The convenience of "cloud apps" becomes so attractive that many don't even have
a local copy of their videos, and rely exclusively on service providers to
maintain, backup and store their content.

The dial measuring "cloud apps" and "old-fashioned apps" needs to be specific to
use-cases.

### Real-time collaboration is optional

If I were the one making the list of ideals, I wouldn't focus so much on
real-time collaboration.

Even though seamless collaboration is desired, it being real-time depends on the
network being available for that. But ideal 3 states that
"The Network is Optional", so real-time collaboration is also optional.

The fundamentals of a local-first system should enable real-time collaboration
when network is available, but shouldn't focus on it.

On many places when discussing applications being offline, it is common for me
to find people saying that their application works
"even on a plane, subway or elevator". That is a reflection of when said
developers have to deal with networks being unavailable.

But this leaves out a big chunk of the world where internet connection is
intermittent, or only works every other day or only once a week, or stops
working when it rains, *etc*. For this audience, living without network
connectivity isn't such a discrete moment in time, but part of every day life. I
like the fact that the authors acknowledge that.

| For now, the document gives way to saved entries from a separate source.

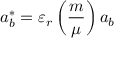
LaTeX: a _ { b } ^ { * } = \varepsilon _ { r } \left( { \frac { m } { \mu } } \right) a _ { b }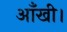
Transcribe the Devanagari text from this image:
आँखी।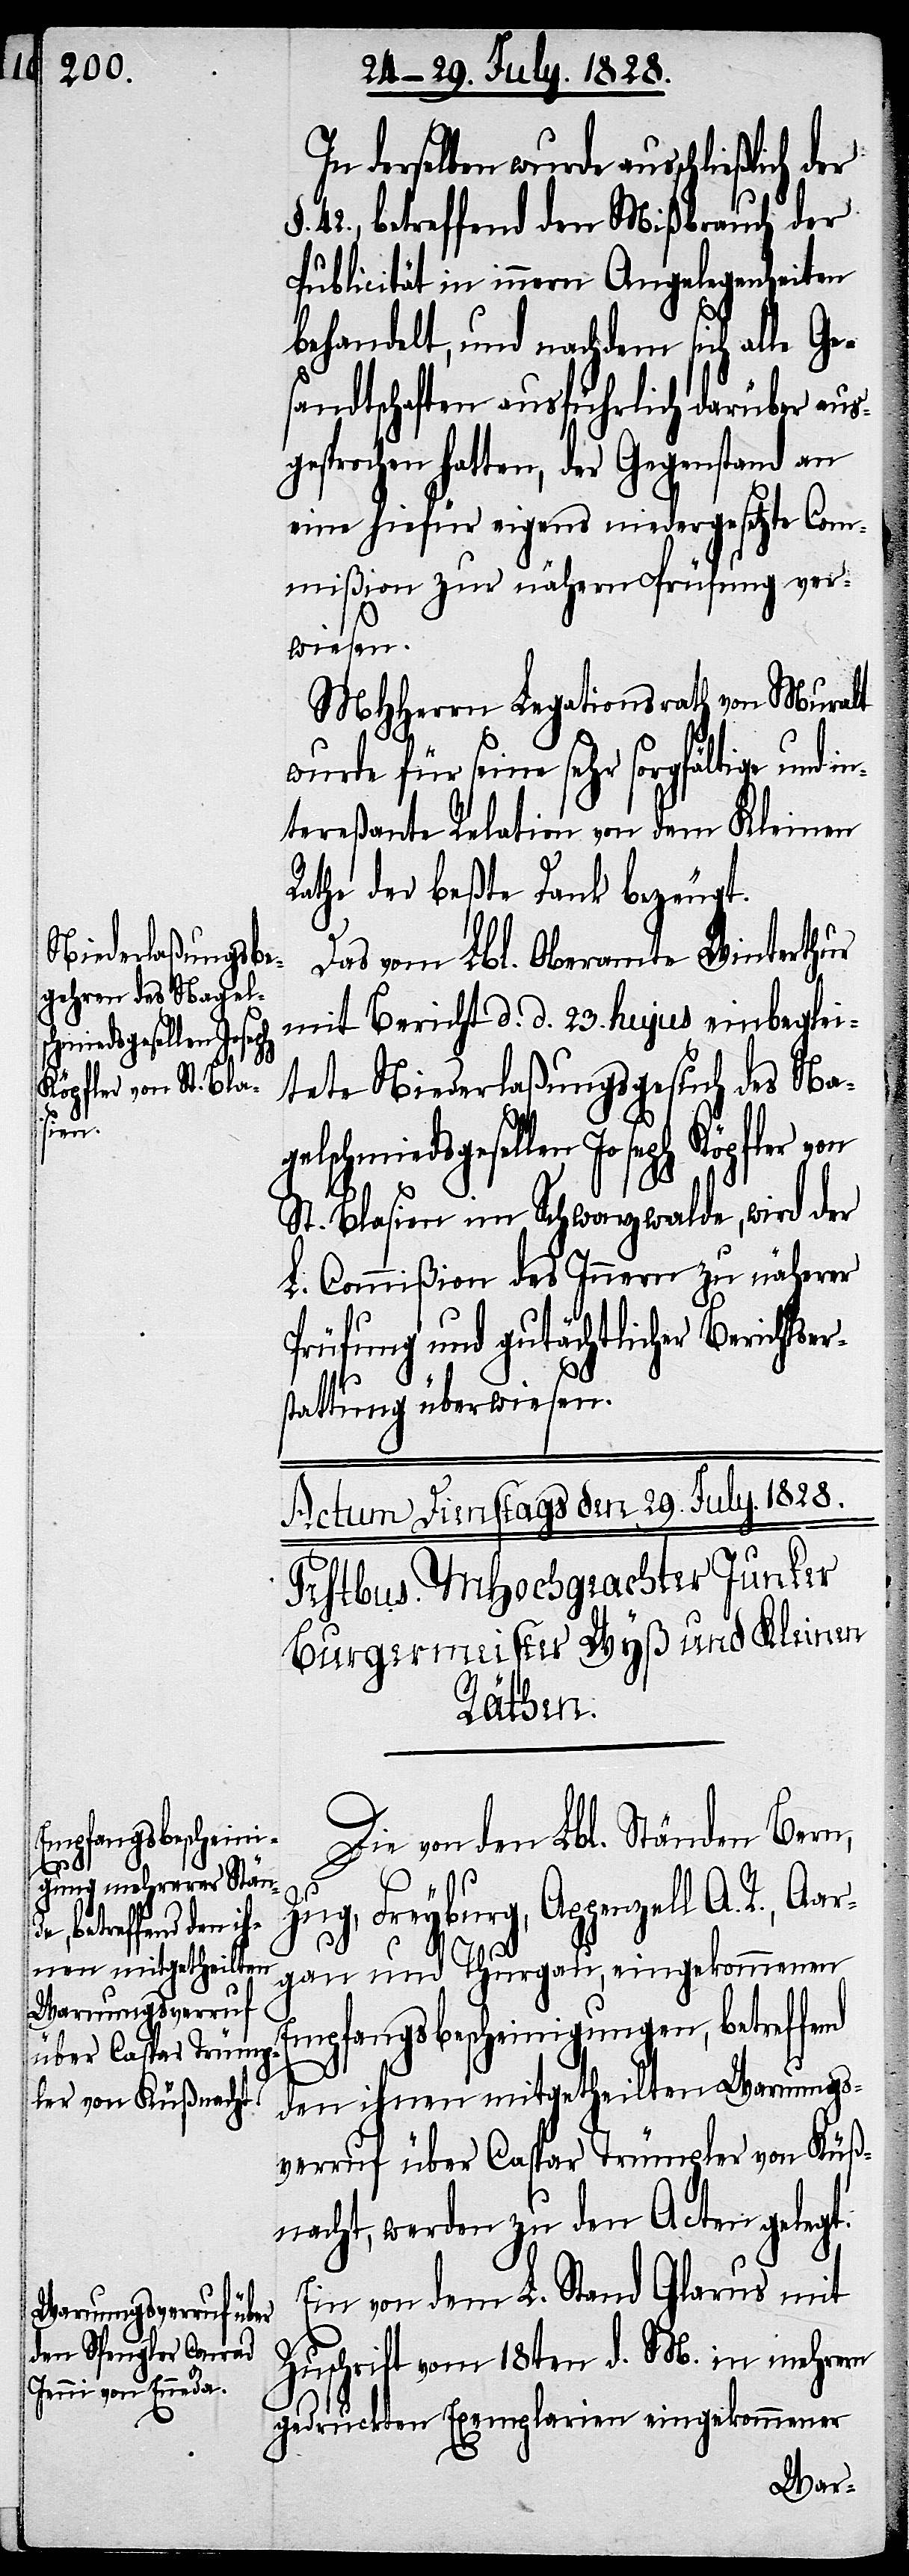
schmiedsgesel¬
r¬

In derselben wurde ausschließlich
42., betreffend den Mißbrauch der
Publicität in innern Angelegenheiten
behandelt, und nachdem sich alle G¬
andtschaften ausführlich darüber aus¬
esprochen hatten, der Gegenstand an
eine hiefür eigens niedergesetzte Com¬
mißion zur nähern Prüfung ver¬
wiesen.
MHHerrn Legationsrath von Muralt
wurde für seine sehr sorgfältige und
tereßante Relation von dem Kleinen
Rathe der beßte Dank bezeugt.
Das vom Lbl. Oberamte Winterthur
mit Bericht d. d. 23. hujus einbeglei¬
tete Niederlaßungsgesuch des Nagel¬
len Joseph Köpfler
St. Blasien im Schwarzwalde, wird der
L. Commißion des Innern zu näherer
Prüfung und gutächtlicher Berichtse¬
stattung überwiesen.
Die von den Lbl. Ständen Bern,
Zug, Freyburg, Appenzell A. R.,
gau und Thurgau, eingekommenen
Empfangsbescheinigungen, betreffend
den ihnen mitgetheilten Warnungs¬
verruf über Caspar Trümpler von Küß¬
nacht, werden zu den Acten gelegt.
Ein von dem L. Stand Glarus mit
Zuschrift vom 18ten d. M. in mehrern
gedruckten Exemplarien eingekommener
Aar¬

When discussing "working offline", I'd rather keep this type of person in mind,
then the subset of people who are offline when on the elevator will naturally be
included.

### On CRDTs and developer experience

When discussing developer experience, the authors bring up some questions to be
answered further, like:

> For an app developer, how does the use of a CRDT-based data layer compare to
> existing storage layers like a SQL database, a filesystem, or CoreData? Is a
> distributed system harder to write software for?

That is an easy one: yes.

A distributed system *is* harder to write software for, being a distributed
system.

Adding a large layer of data structures and algorithms will make it more complex
to write software for, naturally. And if trying to make this layer transparent
to the programmer, so they can pretend that layer doesn't exist is a bad idea,
as RPC frameworks have tried, and failed.

See "[A Note on Distributed Computing][note-dist-comp]" for a critique on RPC
frameworks trying to make the network invisible, which I think also applies in
equivalence for making the CRDTs layer invisible.

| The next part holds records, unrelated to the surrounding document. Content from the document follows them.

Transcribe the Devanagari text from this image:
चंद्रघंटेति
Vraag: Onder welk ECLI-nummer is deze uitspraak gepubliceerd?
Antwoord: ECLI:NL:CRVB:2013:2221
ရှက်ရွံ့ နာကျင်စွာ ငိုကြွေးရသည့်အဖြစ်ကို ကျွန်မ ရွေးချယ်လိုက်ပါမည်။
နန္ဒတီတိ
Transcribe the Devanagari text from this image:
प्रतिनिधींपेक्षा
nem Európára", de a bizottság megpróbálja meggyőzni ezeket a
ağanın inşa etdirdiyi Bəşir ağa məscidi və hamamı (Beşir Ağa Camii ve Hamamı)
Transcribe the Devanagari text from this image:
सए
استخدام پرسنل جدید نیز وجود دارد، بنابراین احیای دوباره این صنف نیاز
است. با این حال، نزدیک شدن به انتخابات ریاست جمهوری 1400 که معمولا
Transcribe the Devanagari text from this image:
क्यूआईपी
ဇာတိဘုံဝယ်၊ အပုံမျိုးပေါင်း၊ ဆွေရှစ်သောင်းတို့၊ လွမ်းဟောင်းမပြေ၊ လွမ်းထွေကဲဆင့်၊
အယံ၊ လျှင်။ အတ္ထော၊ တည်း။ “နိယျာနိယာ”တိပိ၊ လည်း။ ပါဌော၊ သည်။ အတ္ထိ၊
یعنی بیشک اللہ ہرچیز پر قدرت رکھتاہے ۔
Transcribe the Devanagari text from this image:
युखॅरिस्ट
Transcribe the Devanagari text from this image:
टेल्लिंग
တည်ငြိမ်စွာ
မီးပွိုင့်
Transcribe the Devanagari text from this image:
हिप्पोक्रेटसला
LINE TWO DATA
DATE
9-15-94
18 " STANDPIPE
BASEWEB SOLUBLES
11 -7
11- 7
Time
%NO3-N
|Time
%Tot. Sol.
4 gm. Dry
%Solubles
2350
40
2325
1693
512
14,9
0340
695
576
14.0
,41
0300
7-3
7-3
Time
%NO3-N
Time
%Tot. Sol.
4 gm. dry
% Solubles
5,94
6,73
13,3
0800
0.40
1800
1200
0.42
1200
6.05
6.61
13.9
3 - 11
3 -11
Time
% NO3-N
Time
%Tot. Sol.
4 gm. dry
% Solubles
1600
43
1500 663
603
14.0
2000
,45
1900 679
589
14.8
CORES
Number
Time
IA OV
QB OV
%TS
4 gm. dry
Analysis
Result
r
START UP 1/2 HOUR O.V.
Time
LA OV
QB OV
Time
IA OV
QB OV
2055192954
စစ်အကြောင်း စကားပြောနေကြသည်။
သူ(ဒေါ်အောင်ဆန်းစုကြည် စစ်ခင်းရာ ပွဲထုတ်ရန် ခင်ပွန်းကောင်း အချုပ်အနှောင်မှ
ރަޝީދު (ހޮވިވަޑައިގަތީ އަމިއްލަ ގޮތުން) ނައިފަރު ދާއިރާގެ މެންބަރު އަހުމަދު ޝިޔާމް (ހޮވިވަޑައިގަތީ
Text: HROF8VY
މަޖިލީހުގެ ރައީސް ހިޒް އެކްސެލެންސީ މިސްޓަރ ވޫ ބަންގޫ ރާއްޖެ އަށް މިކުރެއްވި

[rmi-wiki]: https://en.wikipedia.org/wiki/Java_remote_method_invocation
[note-dist-comp]: https://web.archive.org/web/20130116163535/http://labs.oracle.com/techrep/1994/smli_tr-94-29.pdf

## Conclusion

I liked a lot the article, as it took the "offline-first" philosophy and ran
with it.

But I think the authors' view of adding CRDTs and things becoming local-first is
a bit too magical.

This particular area is one that I have large interest on, and I wish to see
more being done on the "local-first" space.